The album is expected to be released in September on the Liberty & Lament label, an imprint of Warner Bros. Nichols sings in a semi-intoxicated, close-mouthed drawl that sounds far past the point of hoarseness. His voice, while sometimes dragging through the verses as if the words won't come out, can't conceal his exceptional songwriting. Nichols' straightforward songs with simple words are never simplistic. When Nichols first began writing songs at 14, he was, by his own admission, terrible.

"Then at some point I realized that every lyric doesn't have to be the best ever, it doesn't have to be poetry. And usually when you consciously try to write great is when you mess it up." Nichols sings of a world where some live and others dare not go, where booze drowns sorrow, where lost love is weathered like a hurricane and worn like a scar, and where the consequences of drinking and loving always seem to be put off to another day.

He is like Springsteen in that so much of his music contains an undercurrent of escape and personal liberation, and like Cobain in his knowledge that there often is no escape. Many artists, from roots rock to mainstream country, sing of similar themes, but few convey heartache in such judiciously chosen words, in a manner at once enraged and tender, as Nichols does throughout "Nobody's Darlings."

Among the album's best tracks is "The War," a song that loosely describes his grandfather's experiences during World War II. If there were a corresponding analog, it would be The Band's classic "The Night They Drove Old Dixie Down." In "The War," sung over a single acoustic guitar, the singer is drafted in early 1943, survives the Normandy invasion, fights across France, rides a tank into Belgium (he likes the Belgians better than the French), and when it gets cold, carries a bottle of liquor with his gun. Despite being promoted to sergeant, he is busted down in rank three times. "Following orders never suited me/Giving them out was much worse/I could not stand to get my friends killed/So I took care of myself first ..."
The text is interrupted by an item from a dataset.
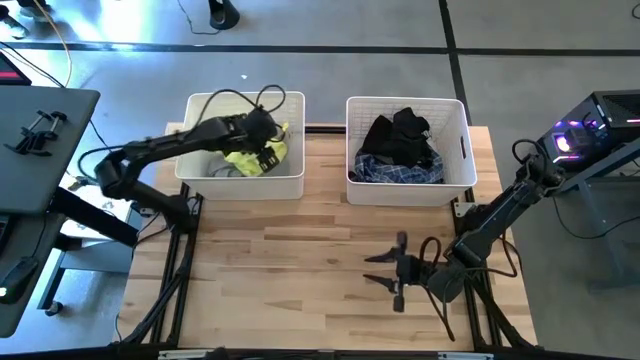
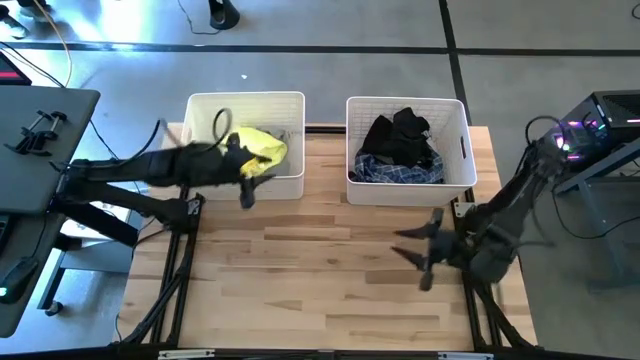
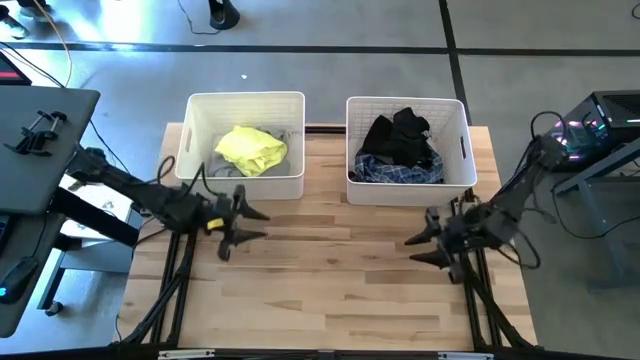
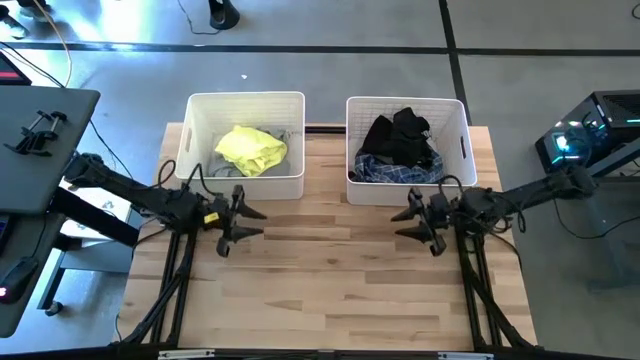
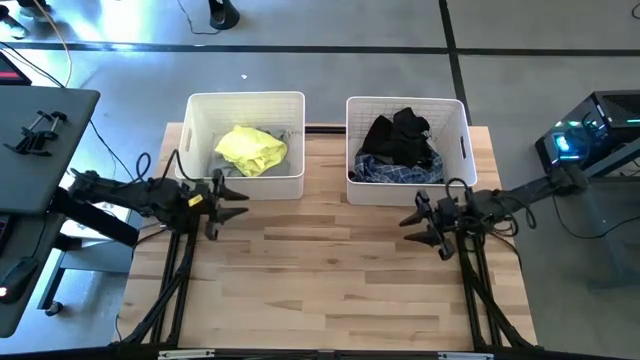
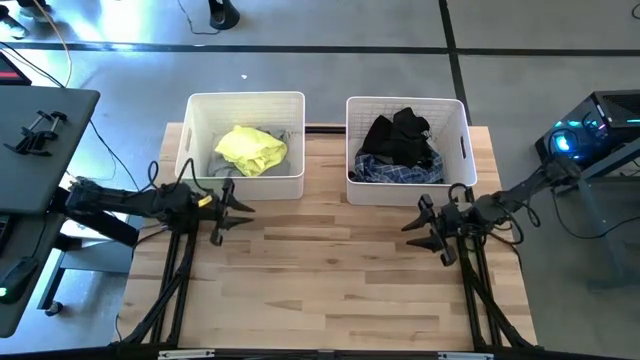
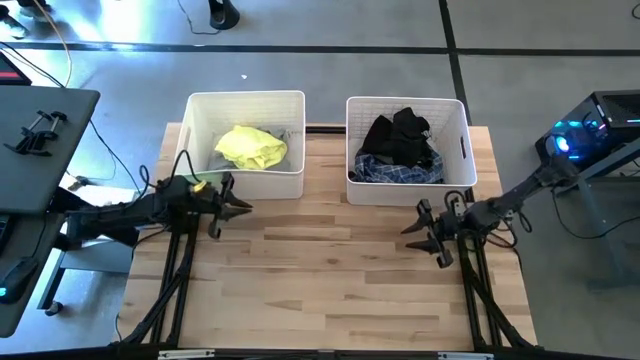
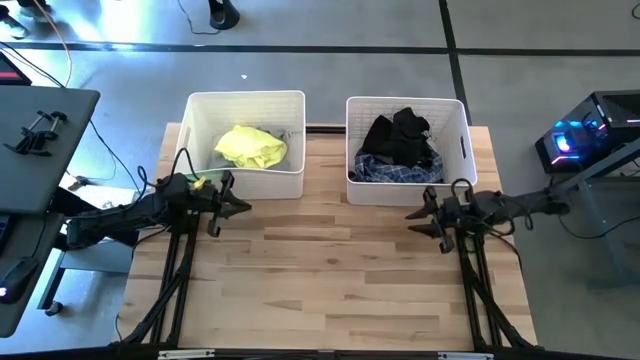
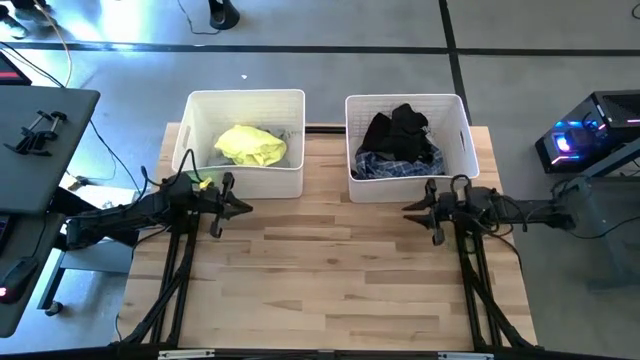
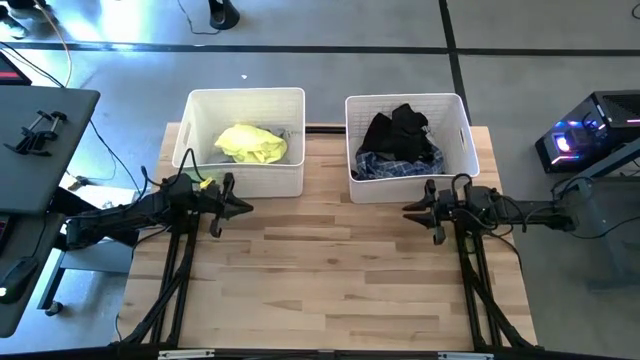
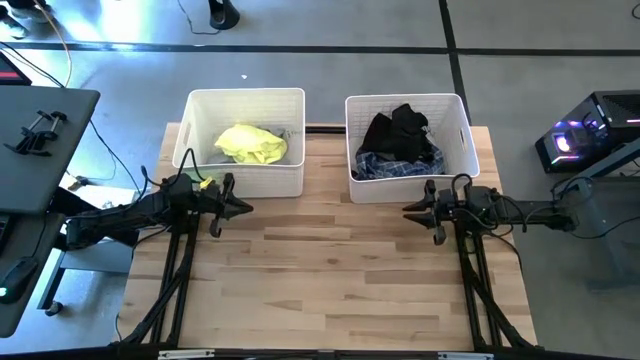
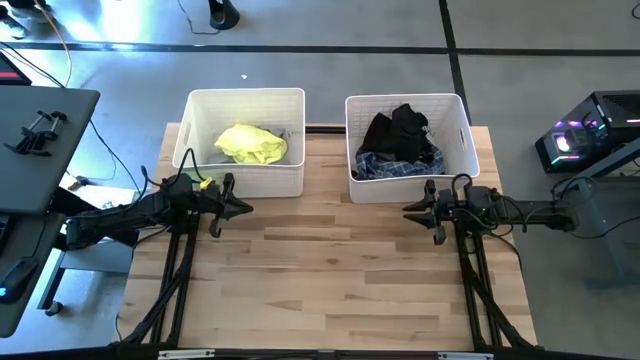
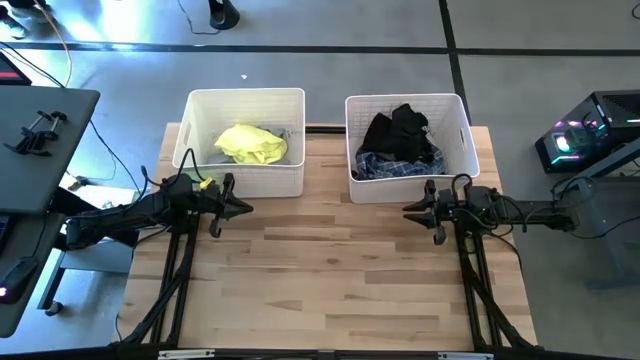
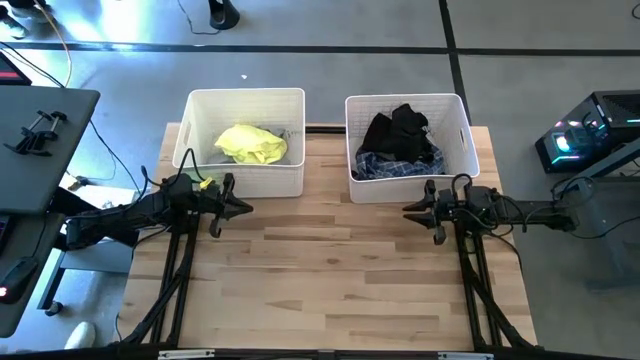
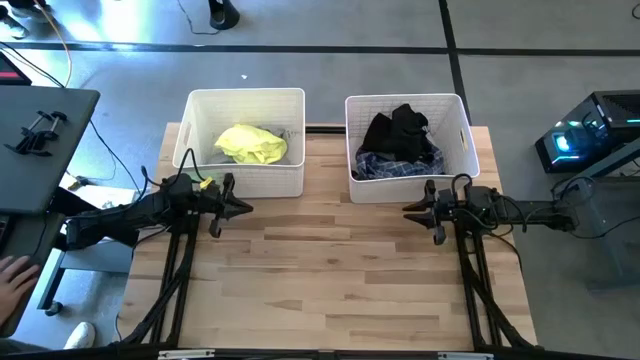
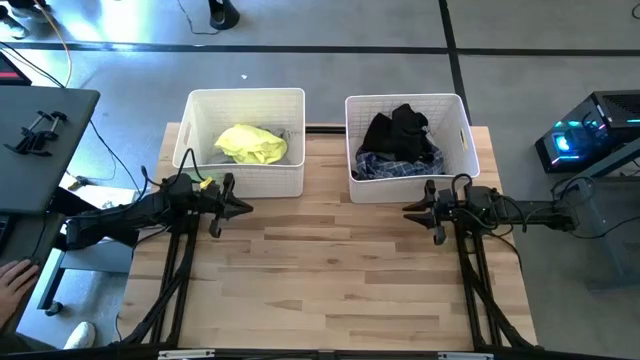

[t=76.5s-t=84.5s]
Return to Home Position

"Anybody who goes to war comes back wounded or scarred in some way," Nichols said of his motivation to write the song, which is unlike any other on the album. "It was really just a tribute to my grandfather, to express some empathy with him, but it does seem to have resonance with what is going on today, even though I wasn't necessarily thinking of that when I wrote it."

In the end, Nichols and the other members of Lucero want people to understand they are just a rock band that works hard for a living because they love what they do. "We watch the first three bands at the show and drink in the audience like everyone else. We don't hide in secret back in a dressing room or on some sort of island ... or wherever the hell rock stars hang out before the show."

The members of Lucero are still waiting for the day when they make enough money to, say, make a down payment on a house or start a family. The success of last year's album meant that for the first time in its history, the band earned money from selling records. Lucero sold almost 20,000 copies of its previous three discs, but hadn't received a valid royalty check from any of them. The band got one check, but it bounced. And they still drive a van from show to show across the country. But at least now it's a nicer van. This one has air conditioning.